The AMD Am29000, commonly shortened to 29k, is a family of 32-bit RISC microprocessors and microcontrollers developed and fabricated by Advanced Micro Devices (AMD). Based on the seminal Berkeley RISC, the 29k added a number of significant improvements. They were, for a time, the most popular RISC chips on the market,[ citation needed ] widely used in laser printers from a variety of manufacturers.
Developed since 1984–1985, announced in March 1987 and released in May 1988, [1] [2] [3] the initial Am29000 was followed by several versions, ending with the Am29040 in 1995. [4] The 29050 was notable for being early to feature a floating point unit capable of executing one multiply–add operation per cycle.
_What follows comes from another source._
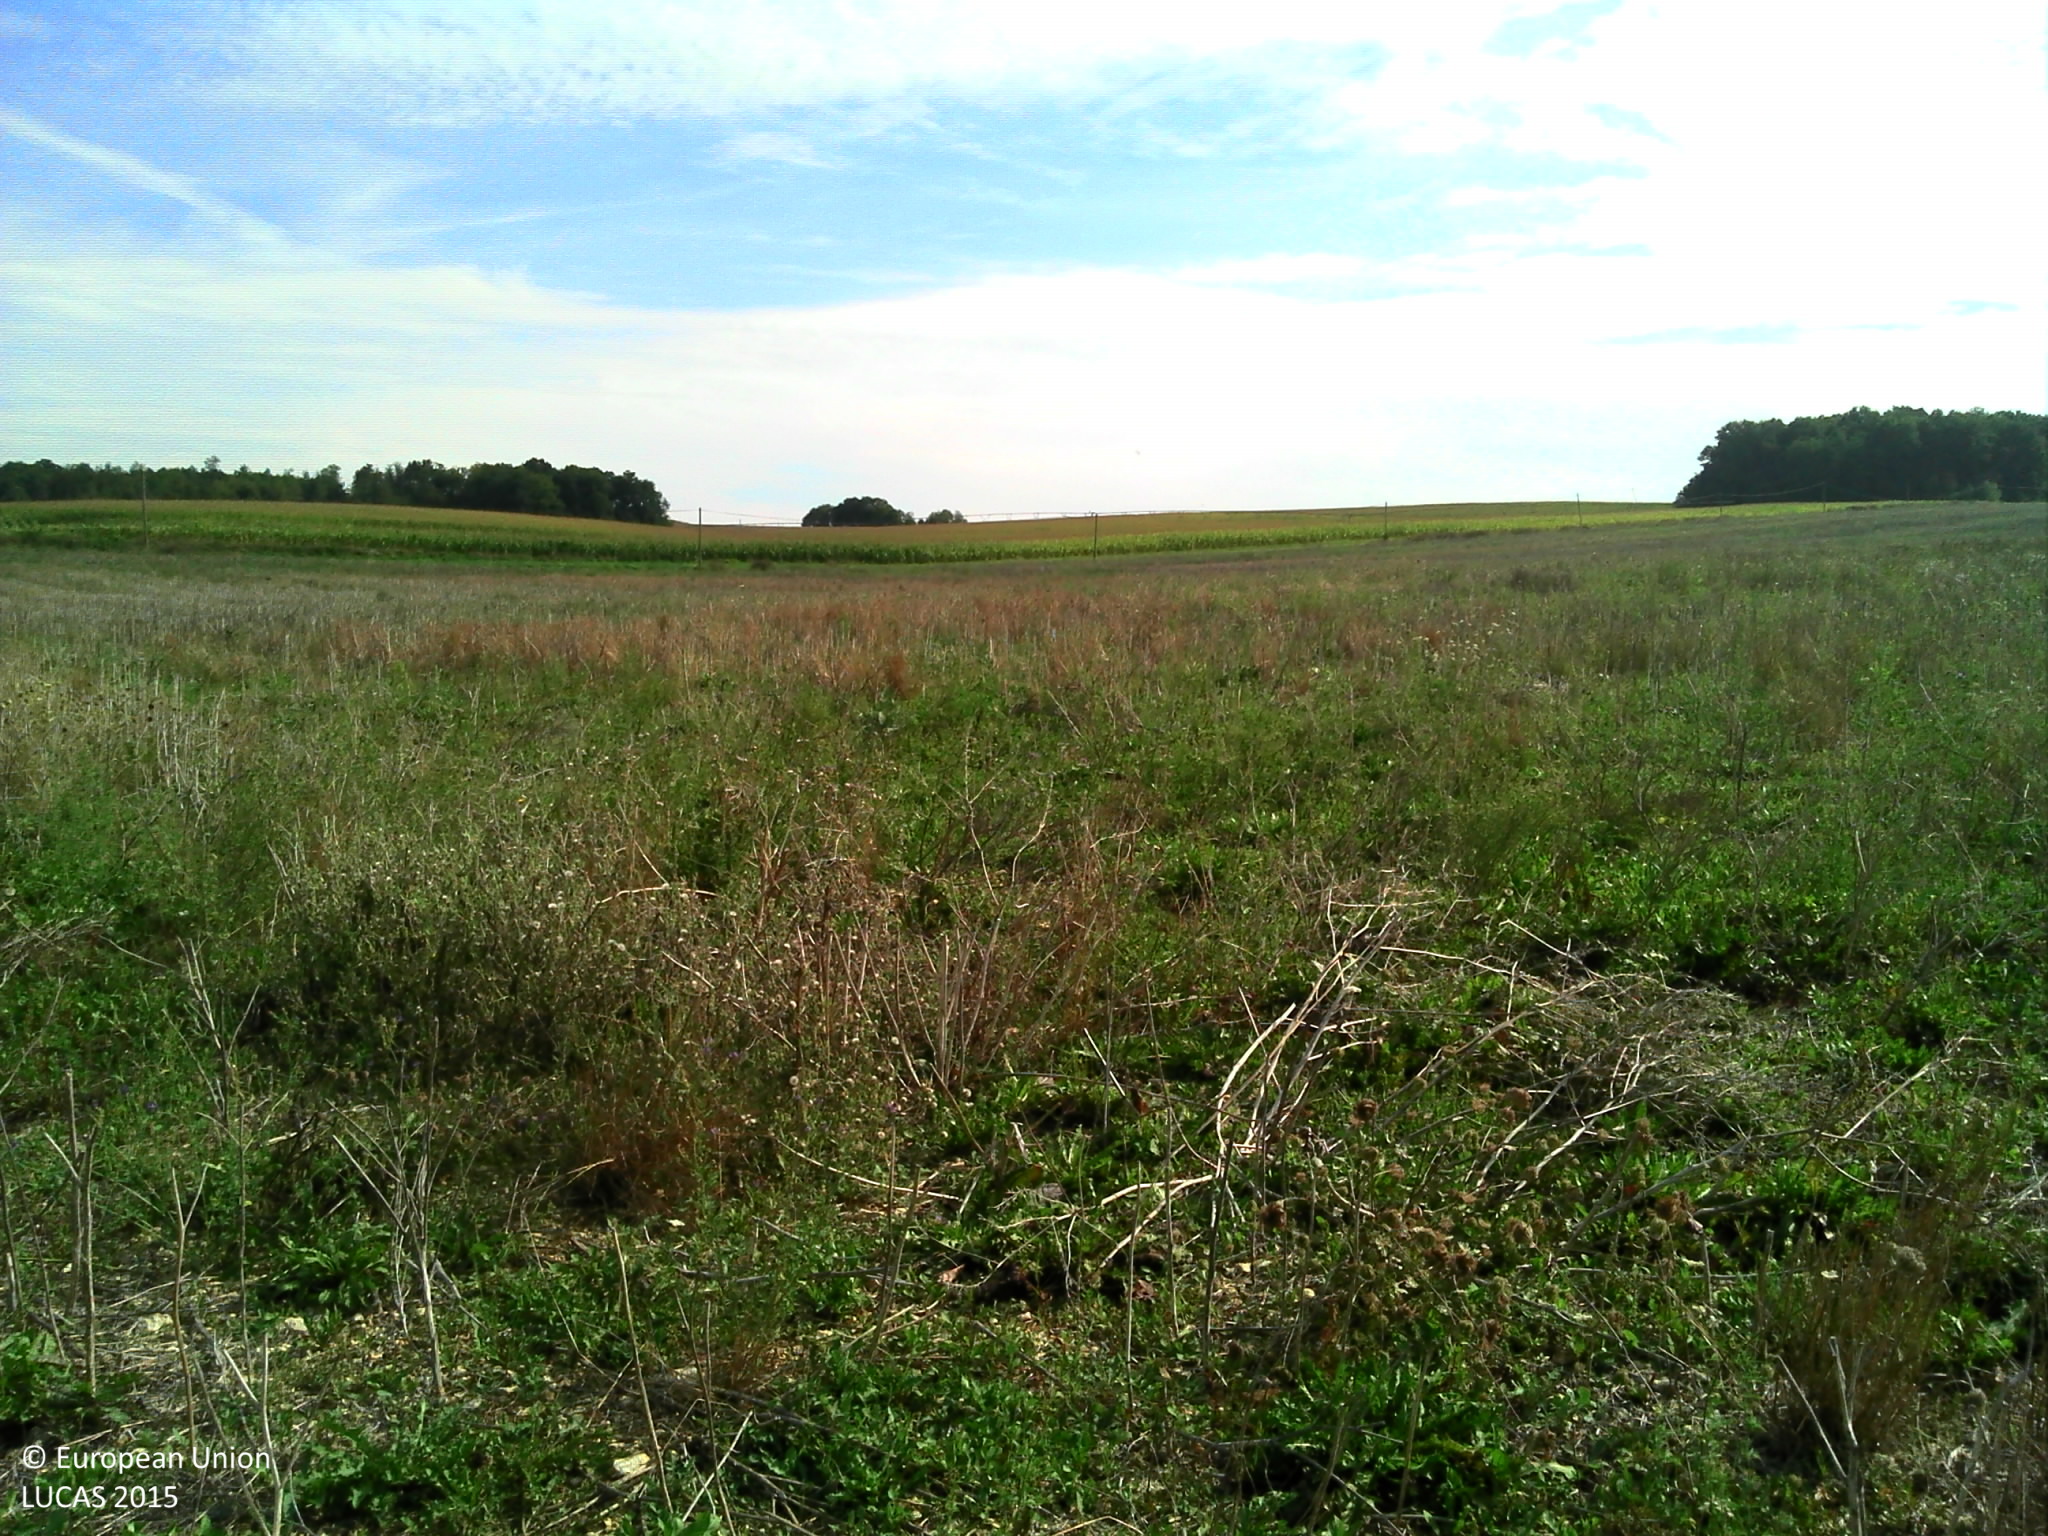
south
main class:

AMD was designing a superscalar version until late 1995, when AMD dropped the development of the 29k because the design team was transferred to support the PC (x86) side of the business. What remained of AMD's embedded business was realigned towards the embedded 186 family of 80186 derivatives. By then the majority of AMD's resources were concentrated on their high-performance x86 processors for desktop PCs, using many of the ideas and individual parts of the 29k designs to produce the AMD K5.
The 29k evolved from the same Berkeley RISC design that also led to the Sun SPARC, Intel i960, ARM and RISC-V.
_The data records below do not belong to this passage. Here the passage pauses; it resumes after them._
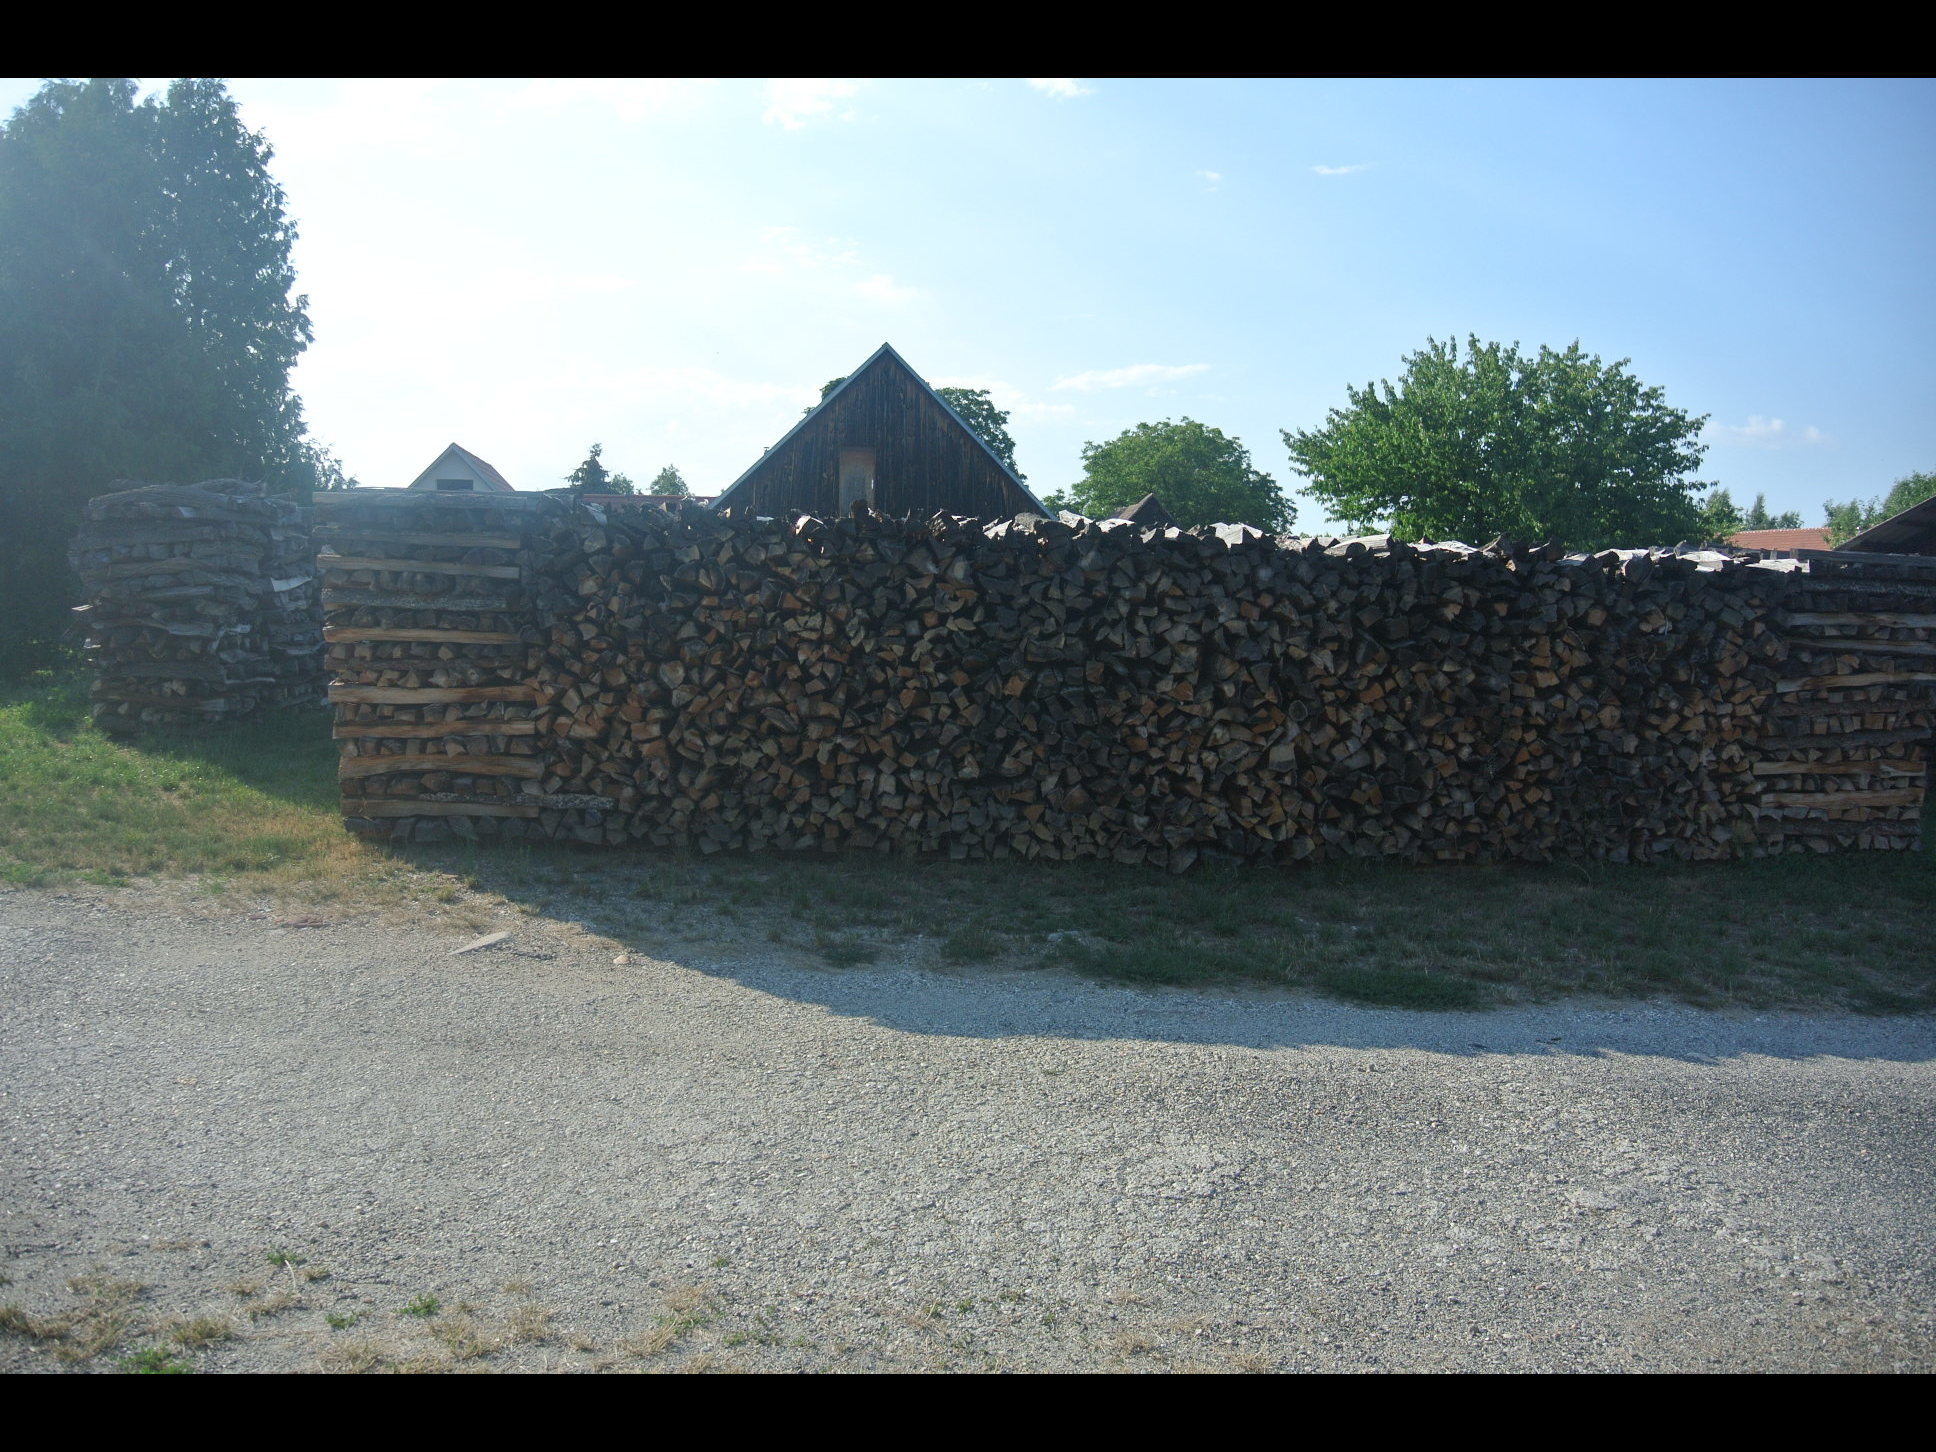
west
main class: Grassland
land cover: Grassland without tree/shrub cover
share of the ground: > 75 %
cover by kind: herbaceous plants 100 %
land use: Residential
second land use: Agriculture (excluding fallow land and kitchen gardens)
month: July
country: AT
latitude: 47.4725
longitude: 16.4919

One design element used in some of the Berkeley RISC-derived designs is the concept of register windows, a technique used to speed up procedure calls significantly. The idea is to use a large set of registers as a stack, loading local data into a set of registers during a call, and marking them "dead" when the procedure returns. Values being returned from the routines would be placed in the "global page", the top eight registers in the SPARC (for instance). The competing early RISC design from Stanford University, the Stanford MIPS, also looked at this concept but decided that improved compilers could make more efficient use of general purpose registers than a hard-wired window.
In the original Berkeley design, SPARC, and i960, the windows were fixed in size. A routine using only one local variable would still use up eight registers on the SPARC, wasting this expensive resource. It was here that the 29000 differed from these earlier designs, using a variable window size. In this example only two registers would be used, one for the local variable, another for the return address. It also added more registers, including the same 128 registers for the procedure stack, but adding another 64 for global access. In comparison, the SPARC had 128 registers in total, and the global set was a standard window of eight. This change resulted in much better register use in the 29000 under a wide variety of workloads.
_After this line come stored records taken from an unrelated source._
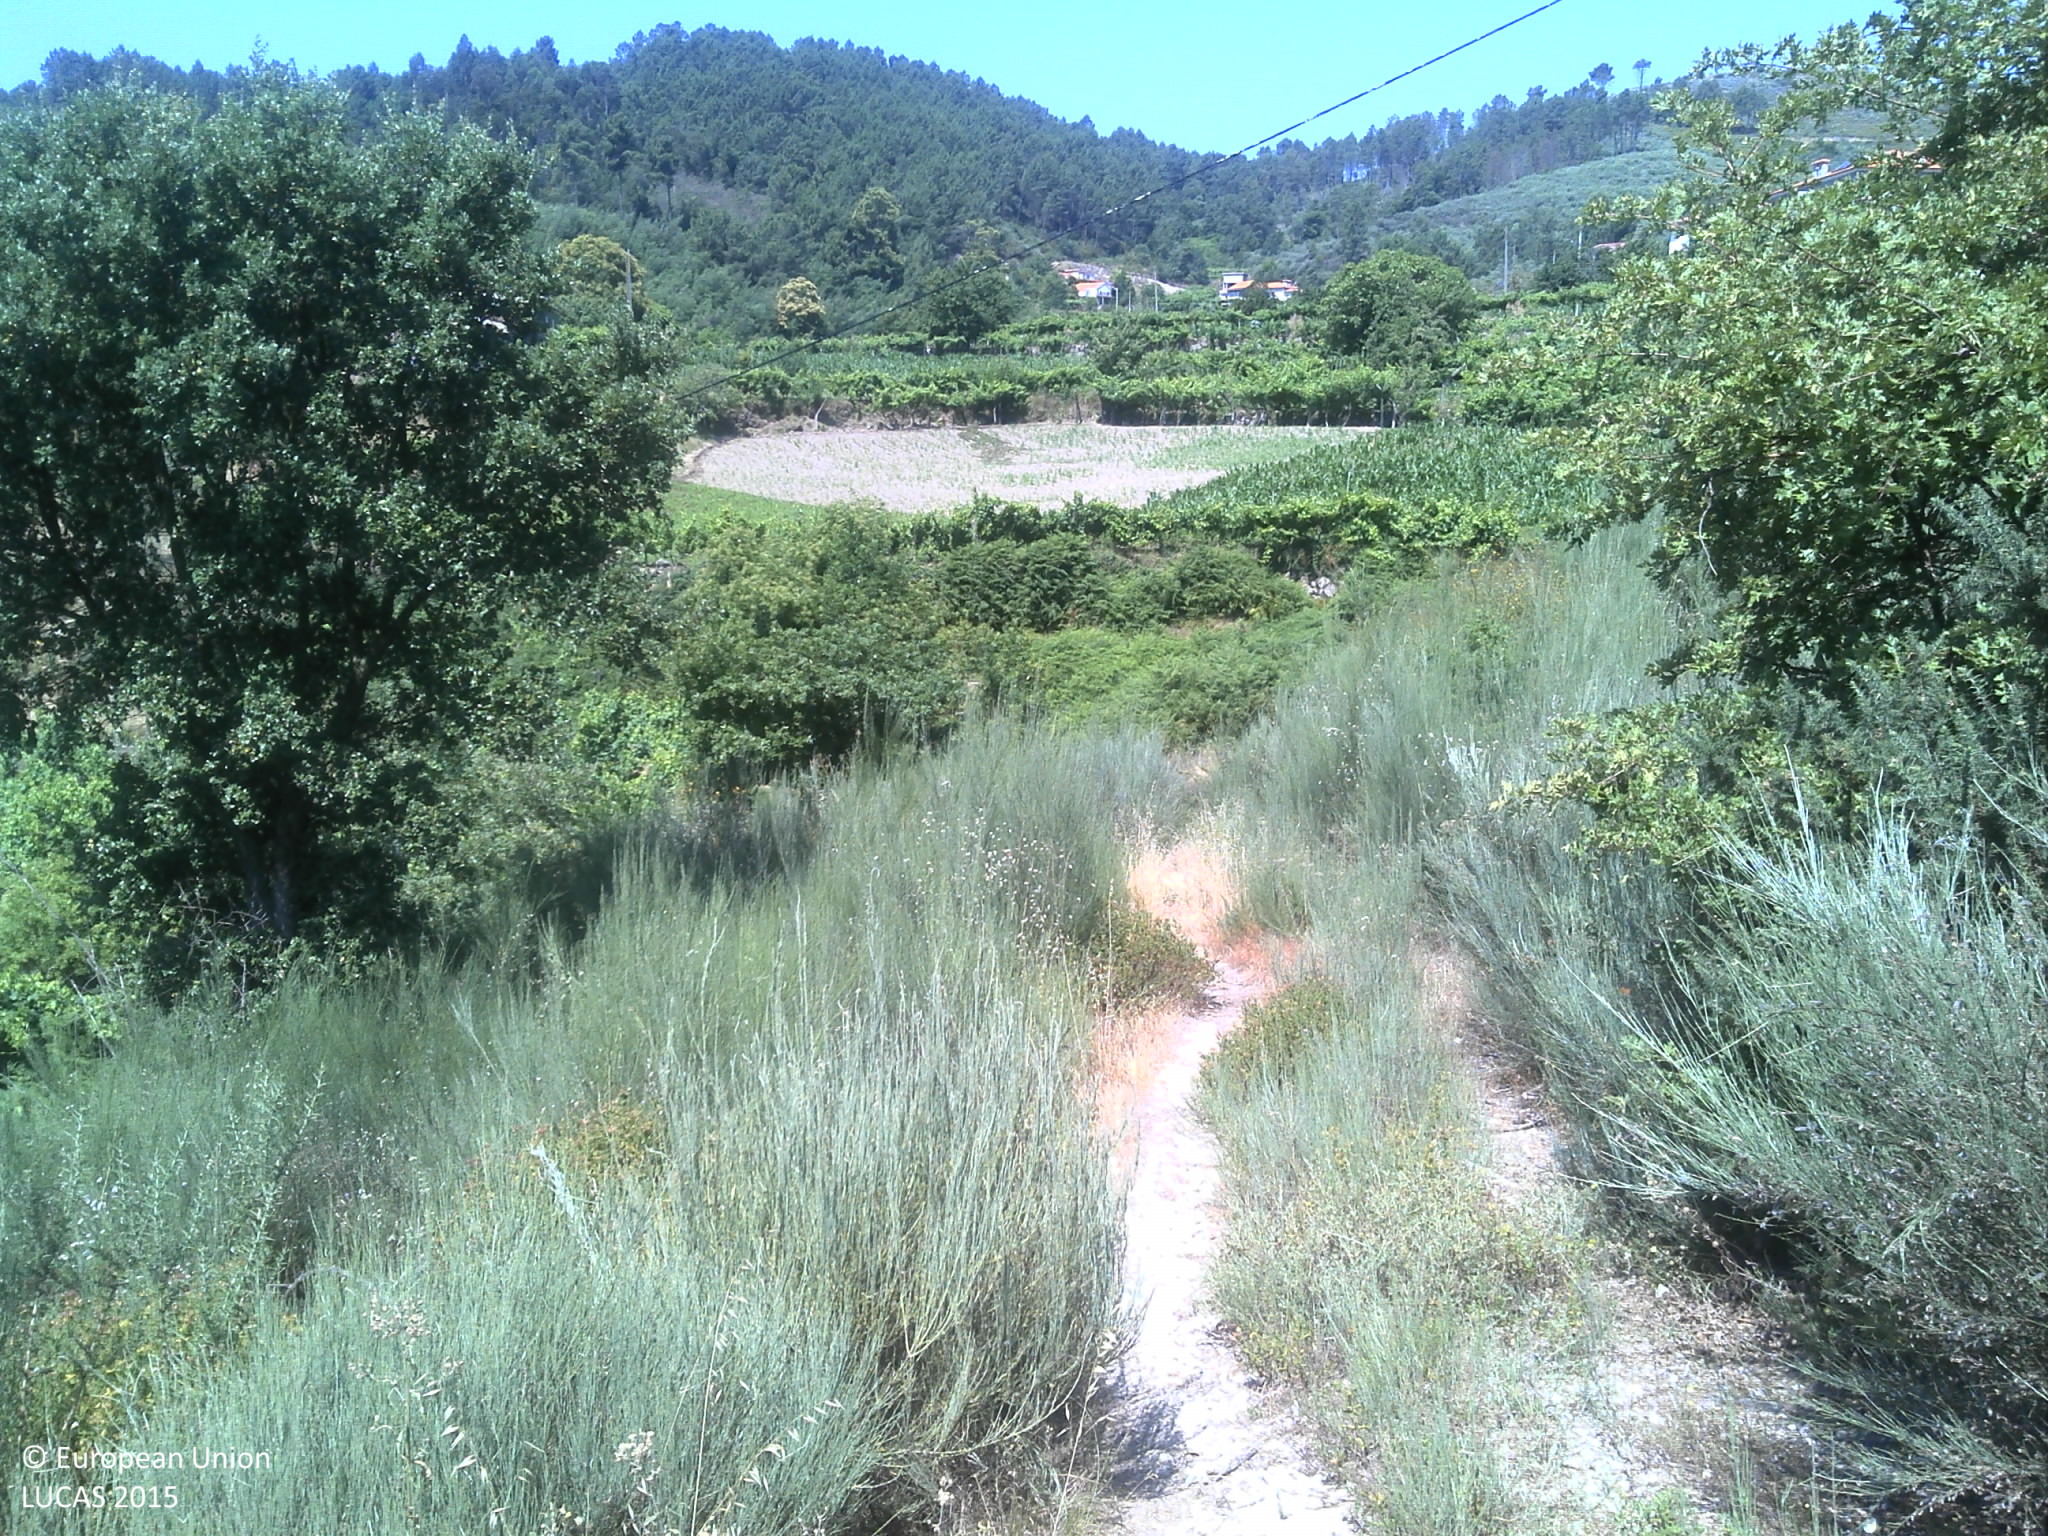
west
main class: Shrubland
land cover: Shrubland without tree cover
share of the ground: > 75 %
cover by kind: shrubs 85 %, herbaceous plants 10 %, unconsolidated bare surface 5 %
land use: Forestry
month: June
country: PT
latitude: 41.1420
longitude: -7.9695

The 29000 also extended the register window stack with an in-memory (and in theory, in-cache) stack. When the window filled the calls would be pushed off the end of the register stack into memory, restored as required when the routine returned. Generally, the 29000's register usage was considerably more advanced than competing designs based on the Berkeley concepts.
Another difference with the Berkeley design is that the 29000 included no special-purpose condition code register. Any register could be used for this purpose, allowing the conditions to be easily saved at the expense of complicating some code. A Branch Target Cache (512 bytes on the 29000 and 1024 bytes on the 29050) stored sets of 4 or 2 sequential instructions found at the branch target address, reducing the instruction fetch latency during taken branches—the 29000 did not include any branch prediction system so there was a delay if a branch was taken. It means the 29000 has a single branch delay slot. [5] The buffer mitigated this by storing four or two instructions from the target address of the branch, which could be run instantly while the fetch buffer was re-filled with new instructions from memory. [6]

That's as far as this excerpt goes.